From an empiricist point of view, such a ruling would have been impossible.
The question to be confronted is whether empiricism, the philosophical materialism of Durkheim and Comte and their successors, can support biblical morality and the law we have known. Social conscience takes a hundred-degree turn when empiricism is affirmed and the metaphysical is denied. Under such a construction there are no rights anterior to law and no rights contrary to law.

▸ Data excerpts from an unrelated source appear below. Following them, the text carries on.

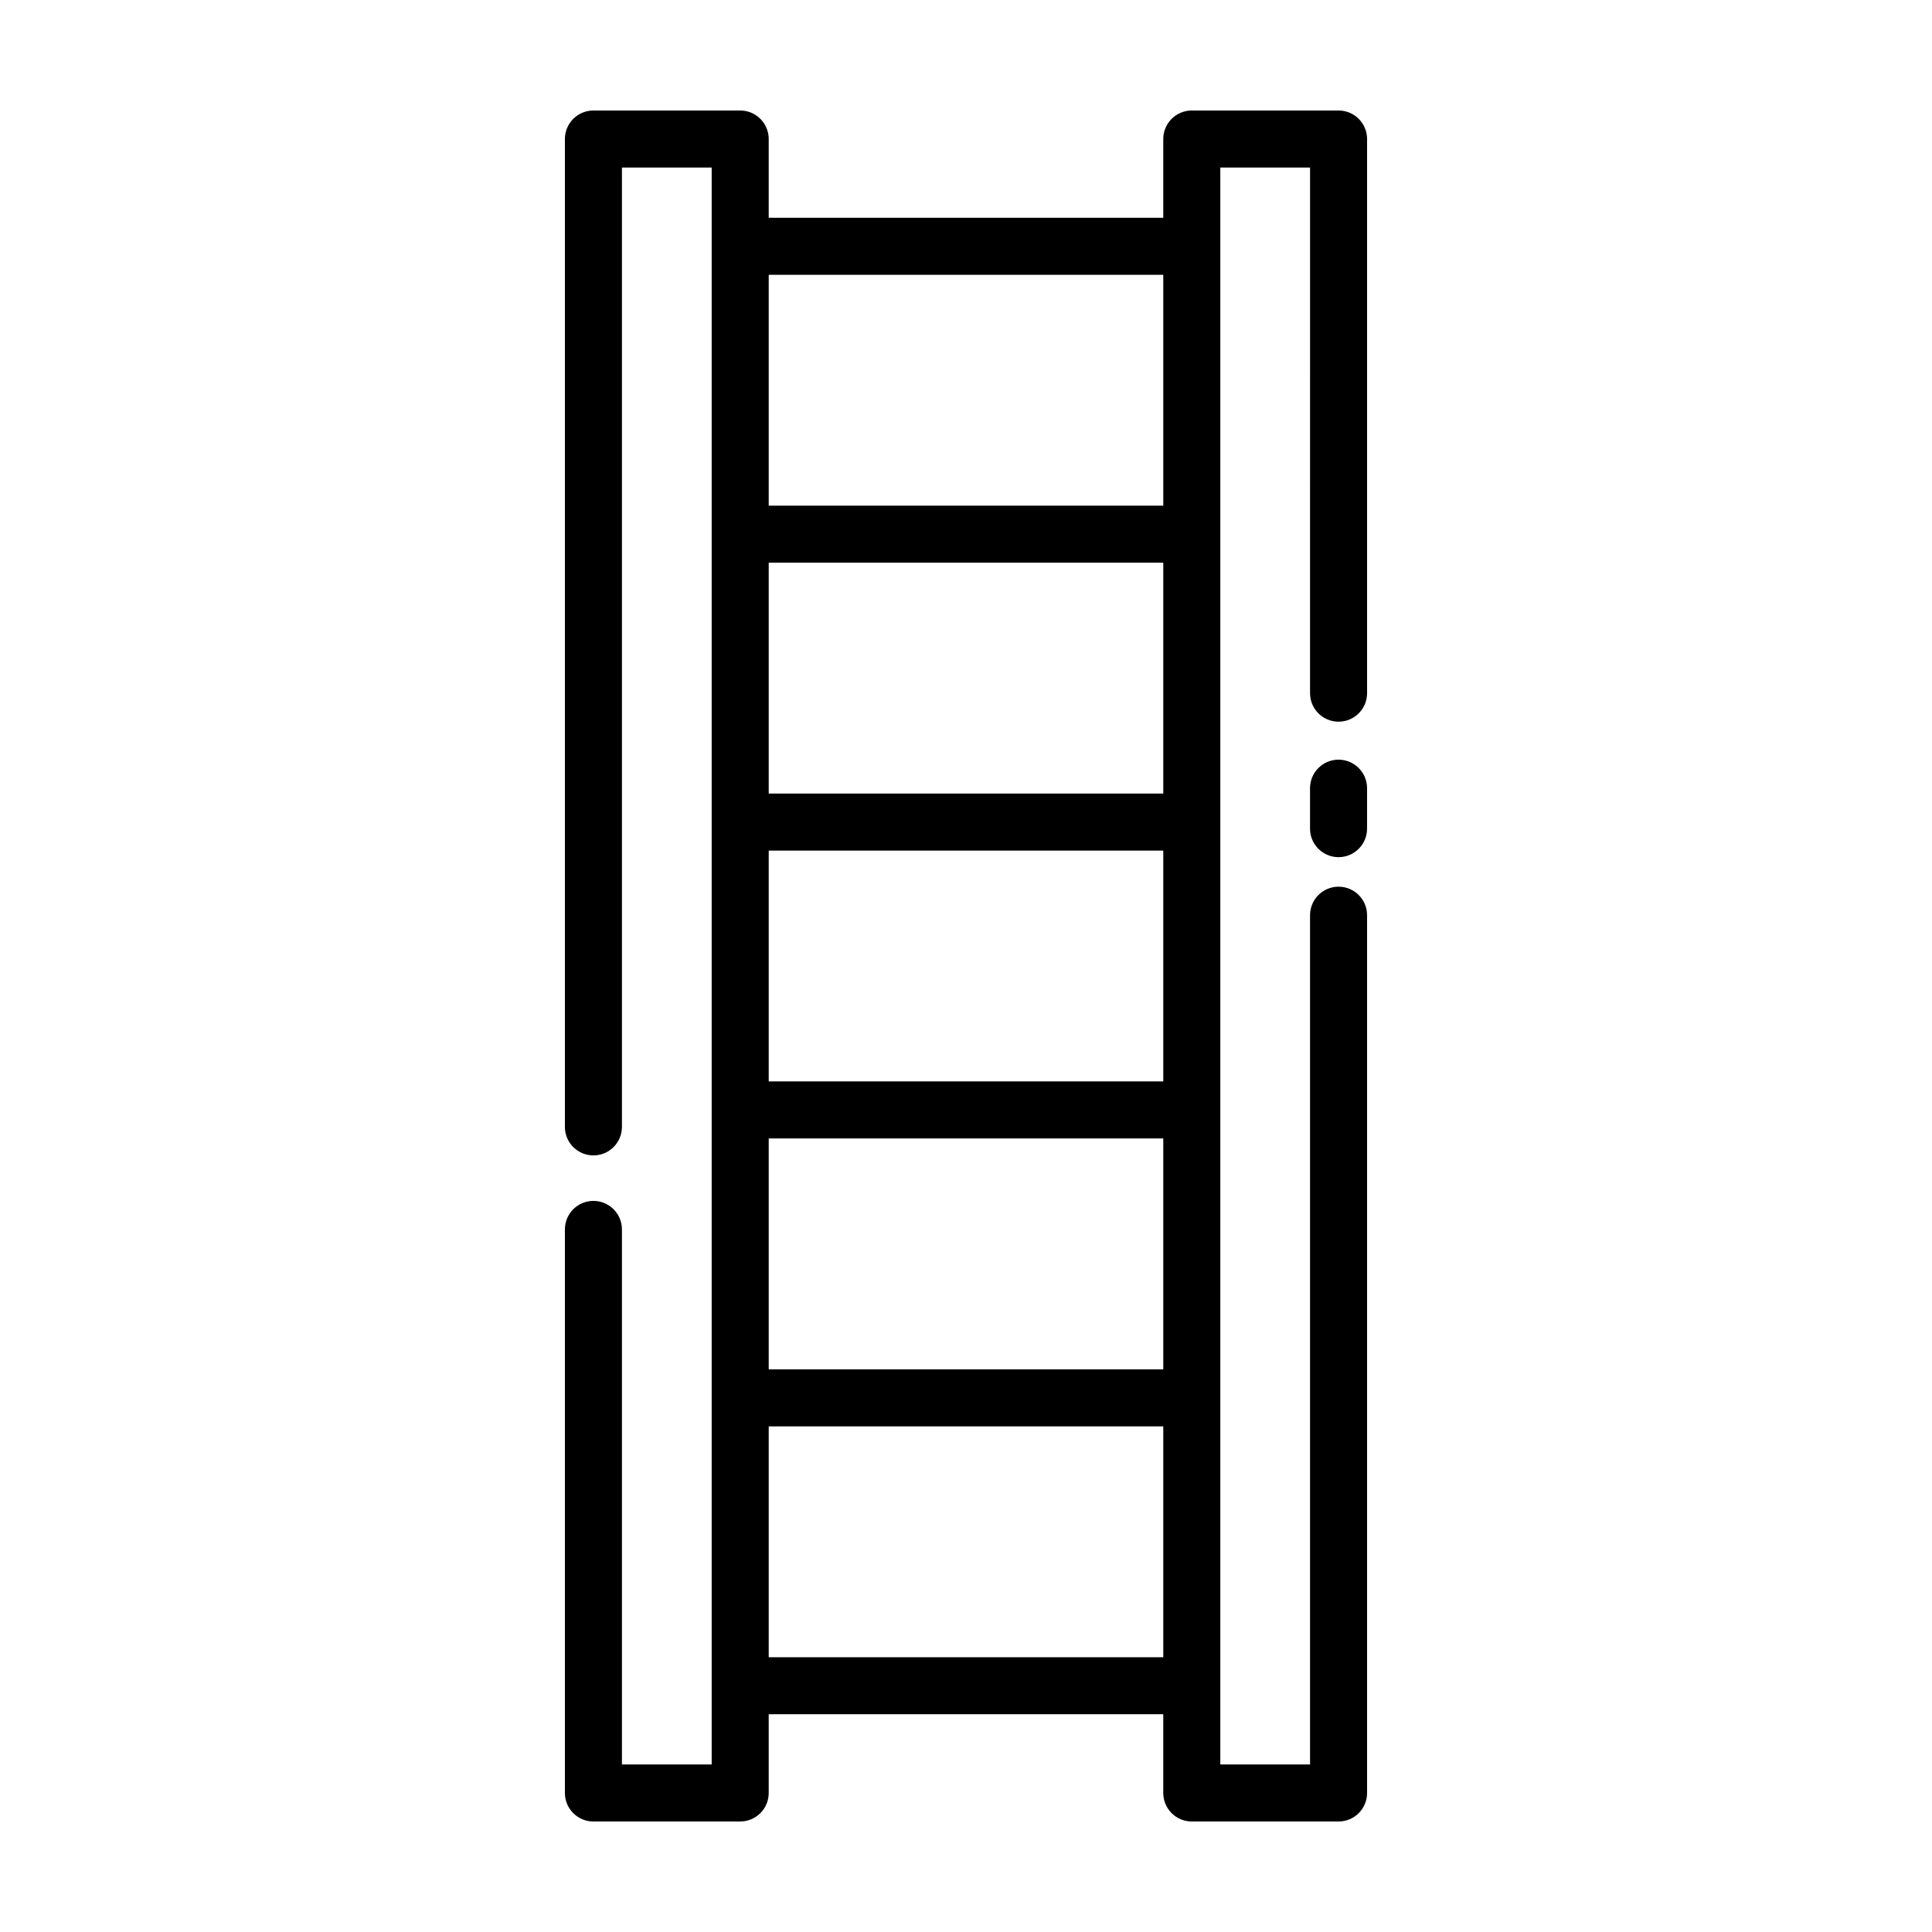 <?xml version="1.0" encoding="UTF-8"?>
<!-- Uploaded to: ICON Repo, www.svgrepo.com, Generator: ICON Repo Mixer Tools -->
<svg fill="#000000" width="800px" height="800px" version="1.1" viewBox="144 144 512 512" xmlns="http://www.w3.org/2000/svg">
 <g>
  <path d="m498.73 345.32c-4.176 0.004-7.559 3.387-7.559 7.559v10.723-0.004c0 4.176 3.383 7.559 7.559 7.559 4.172 0 7.555-3.383 7.555-7.559v-10.719c0-4.172-3.383-7.555-7.555-7.559z"/>
  <path d="m506.29 180.84c0-4.172-3.383-7.555-7.555-7.555h-38.898c-4.172 0-7.555 3.383-7.559 7.555v20.867h-104.56v-20.867c0-4.172-3.383-7.555-7.559-7.555h-38.898c-4.172 0-7.555 3.383-7.555 7.555v261.8c0 4.172 3.383 7.555 7.555 7.555 4.176 0 7.559-3.383 7.559-7.555v-254.24h23.785v423.2h-23.785v-141.79c0-4.172-3.383-7.559-7.559-7.559-4.172 0-7.555 3.387-7.555 7.559v149.35c0 4.172 3.383 7.555 7.555 7.555h38.898c4.176 0 7.559-3.383 7.559-7.555v-20.867h104.56v20.867c0.004 4.172 3.387 7.555 7.559 7.555h38.898c4.172 0 7.555-3.383 7.555-7.555v-232.62c0-4.176-3.383-7.559-7.555-7.559-4.176 0-7.559 3.383-7.559 7.559v225.06h-23.781v-423.2h23.785l-0.004 139.3c0 4.172 3.383 7.555 7.559 7.555 4.172 0 7.555-3.383 7.555-7.555zm-158.57 173.46v-61.18h104.56v61.18zm104.56 15.113v61.176h-104.56v-61.176zm-104.56 76.289h104.56v61.184h-104.56zm104.56-228.88v61.18h-104.56v-61.18zm-104.56 366.36v-61.18h104.56v61.18z"/>
 </g>
</svg>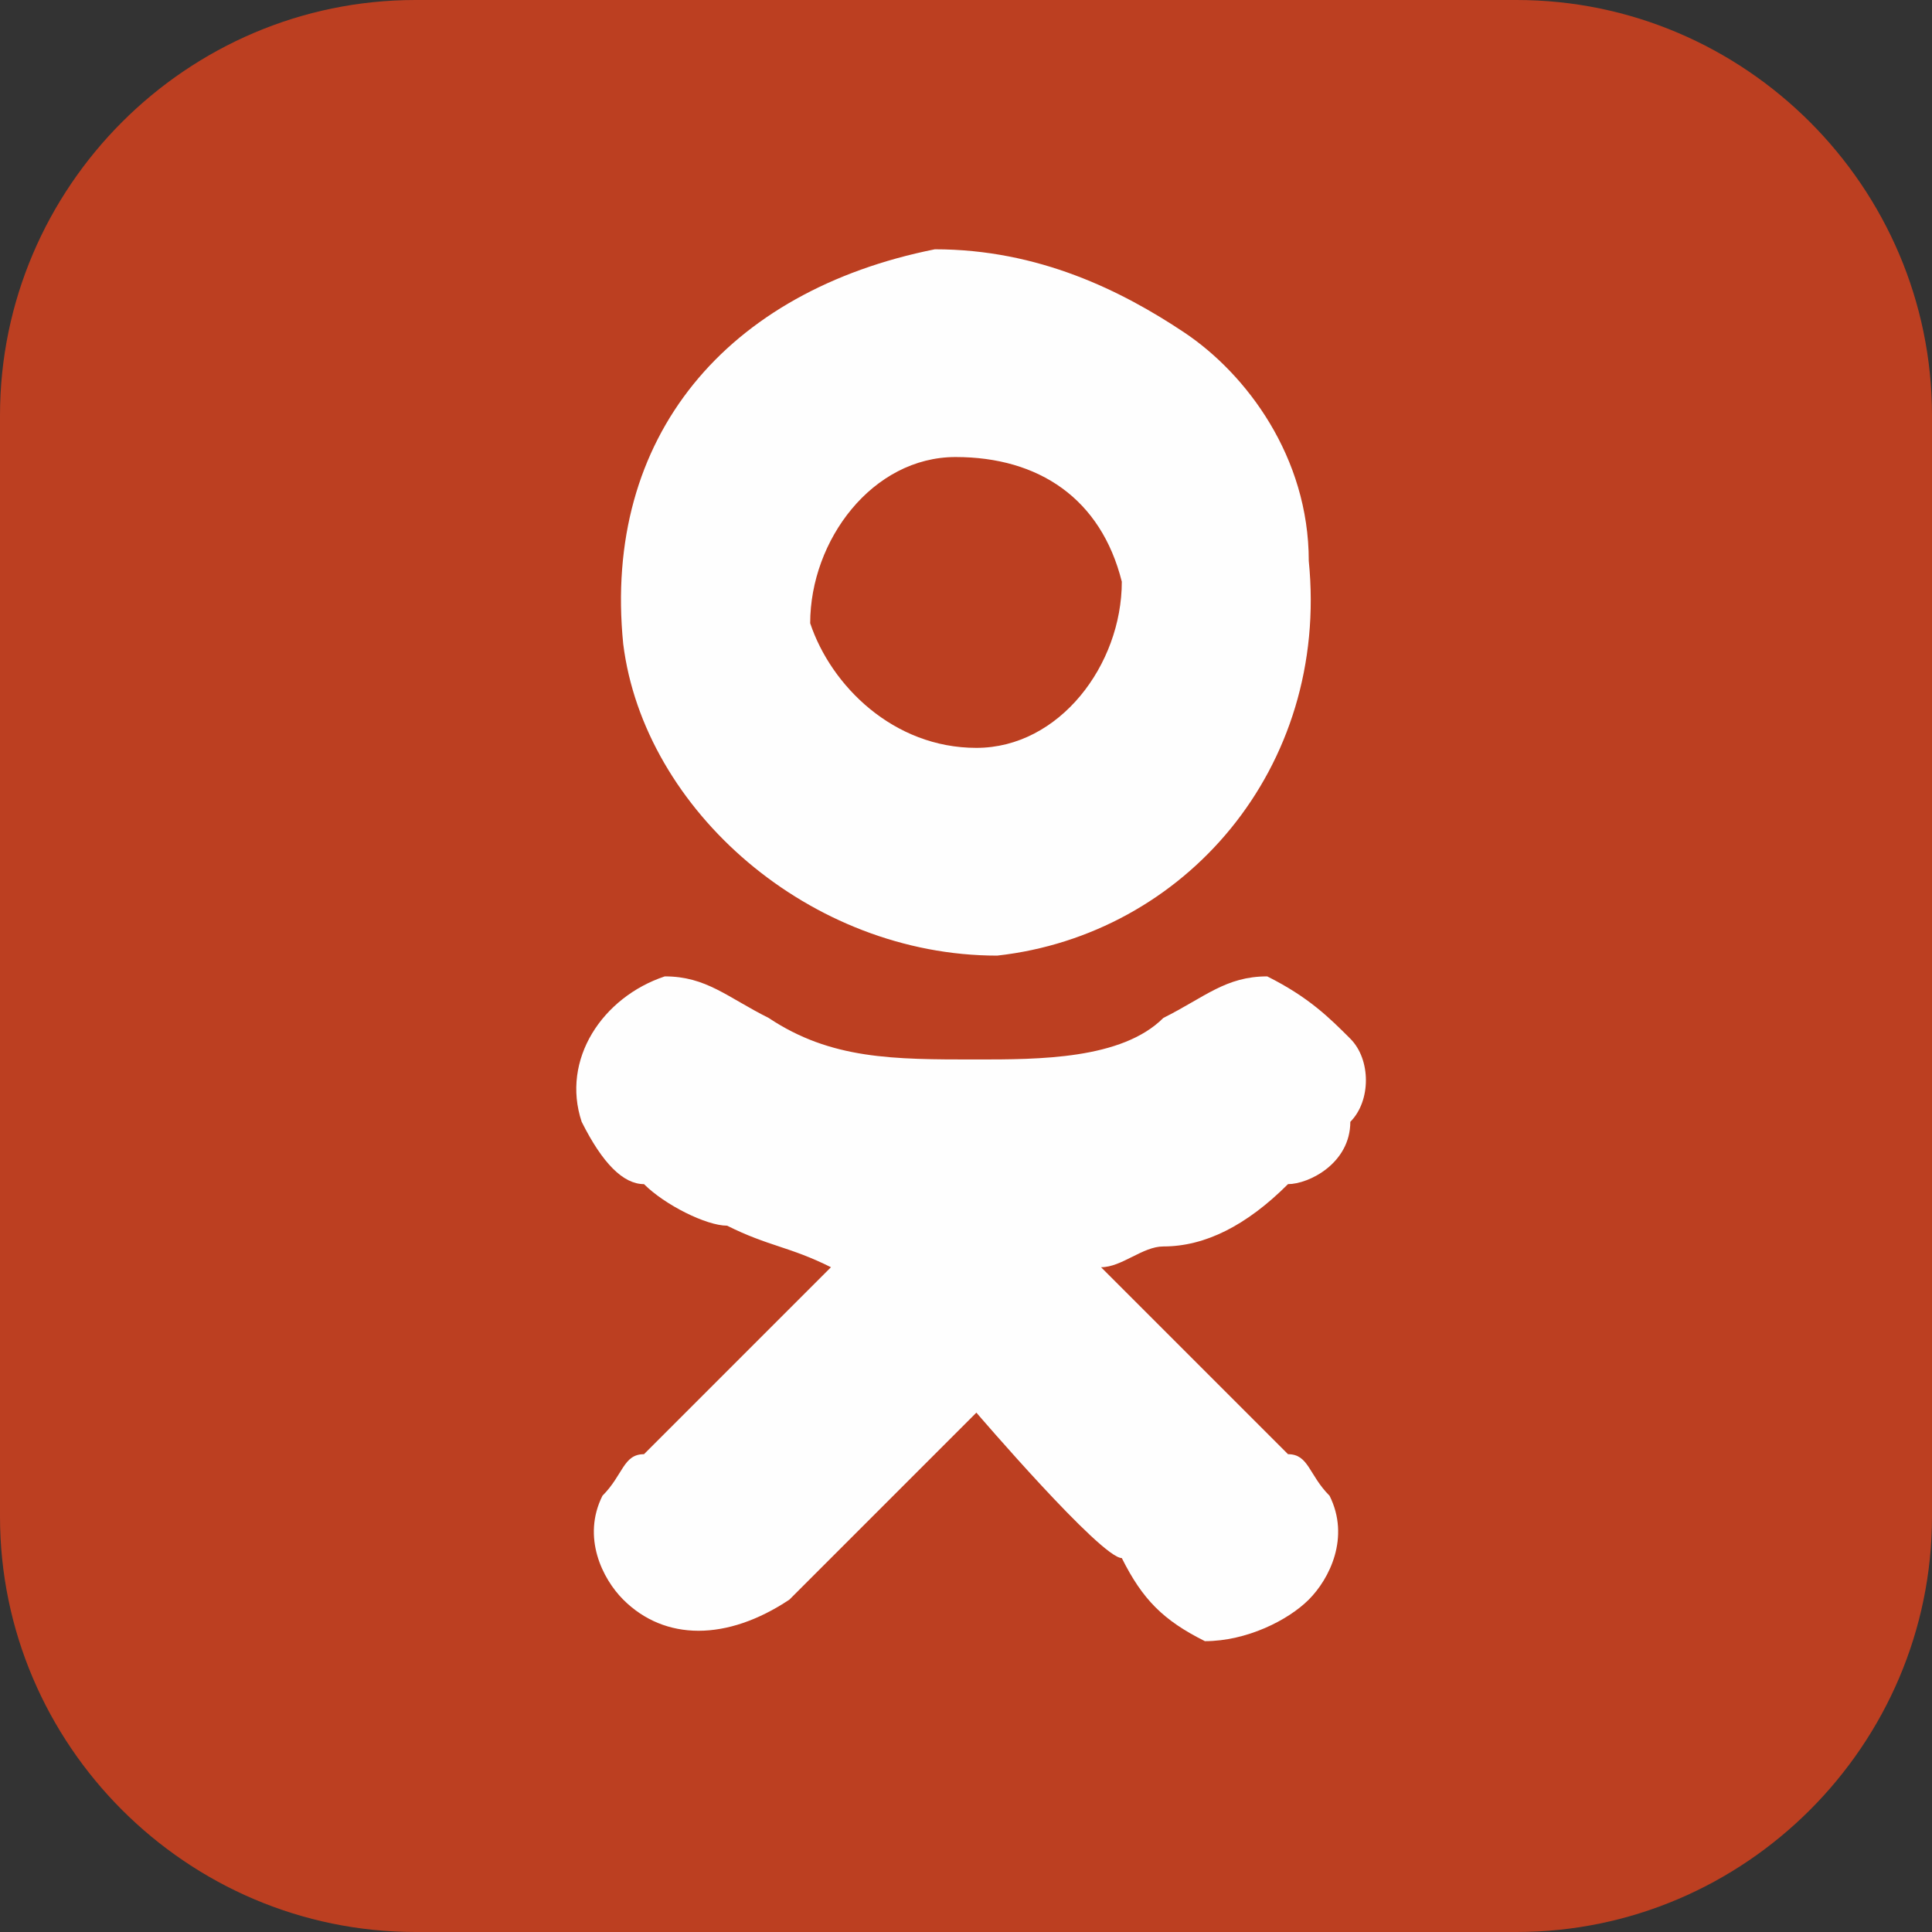<?xml version="1.0" encoding="UTF-8"?> <svg xmlns="http://www.w3.org/2000/svg" xmlns:xlink="http://www.w3.org/1999/xlink" xml:space="preserve" width="15.243mm" height="15.243mm" version="1.0" style="shape-rendering:geometricPrecision; text-rendering:geometricPrecision; image-rendering:optimizeQuality; fill-rule:evenodd; clip-rule:evenodd" viewBox="0 0 93 93"><rect x="0" y="0" width="93" height="93" fill="#333333" stroke="none"/> <defs> <style type="text/css"> .fil1 {fill:#FEFEFE} .fil0 {fill:#BC3F21} </style> </defs> <g id="Слой_x0020_1">  <path class="fil0" d="M20 0l53 0c11,0 20,9 20,20l0 53c0,11 -9,20 -20,20l-53 0c-11,0 -20,-9 -20,-20l0 -53c0,-11 9,-20 20,-20z"></path> <g id="_339827031552"> <path class="fil1" d="M53 61c1,0 2,-1 3,-1 2,0 4,-1 6,-3 1,0 3,-1 3,-3 1,-1 1,-3 0,-4 -1,-1 -2,-2 -4,-3 -2,0 -3,1 -5,2 -2,2 -6,2 -9,2 -4,0 -7,0 -10,-2 -2,-1 -3,-2 -5,-2 -3,1 -5,4 -4,7 1,2 2,3 3,3 1,1 3,2 4,2 2,1 3,1 5,2 -3,3 -6,6 -9,9 -1,0 -1,1 -2,2 -1,2 0,4 1,5 2,2 5,2 8,0l9 -9c0,0 6,7 7,7 1,2 2,3 4,4 2,0 4,-1 5,-2 1,-1 2,-3 1,-5 -1,-1 -1,-2 -2,-2 -3,-3 -6,-6 -9,-9z"></path> <path class="fil1" d="M39 30c0,-4 3,-8 7,-8 4,0 7,2 8,6 0,4 -3,8 -7,8 -4,0 -7,-3 -8,-6zm6 -18c-10,2 -16,9 -15,19 1,8 9,15 18,15 9,-1 16,-9 15,-19 0,-5 -3,-9 -6,-11 -3,-2 -7,-4 -12,-4z"></path> </g> </g> </svg>

The implications for tort and contract law are enormous. Attribution of blame is attributed without causal evidence. One generation is held accountable for the deeds of another. Retribution it is called. Changing attitudes among legal theorists and decades of judicial activism have not only made tort litigation a risky business for industry, but have altered the traditional role of law in society and have obfuscated the purpose of law in general
There is nothing new here. All of this is well known, but given present social conflict and current political debate, a few basic principles and facts are worth recalling. It is commonly acknowledged that candidates for office will say almost anything to appeal to their “base” — that group of people willing to spent time, money, and energy to secure their candidate’s election. Currently, the “base” for one of the parties appears to consist of individuals who recognize “persons with rights” only insofar as they challenge the majority of society. We find lists of things that must be done for the mosaic minority by the majority whose rights are utterly discounted.
Not even Durkheim would have gone that far.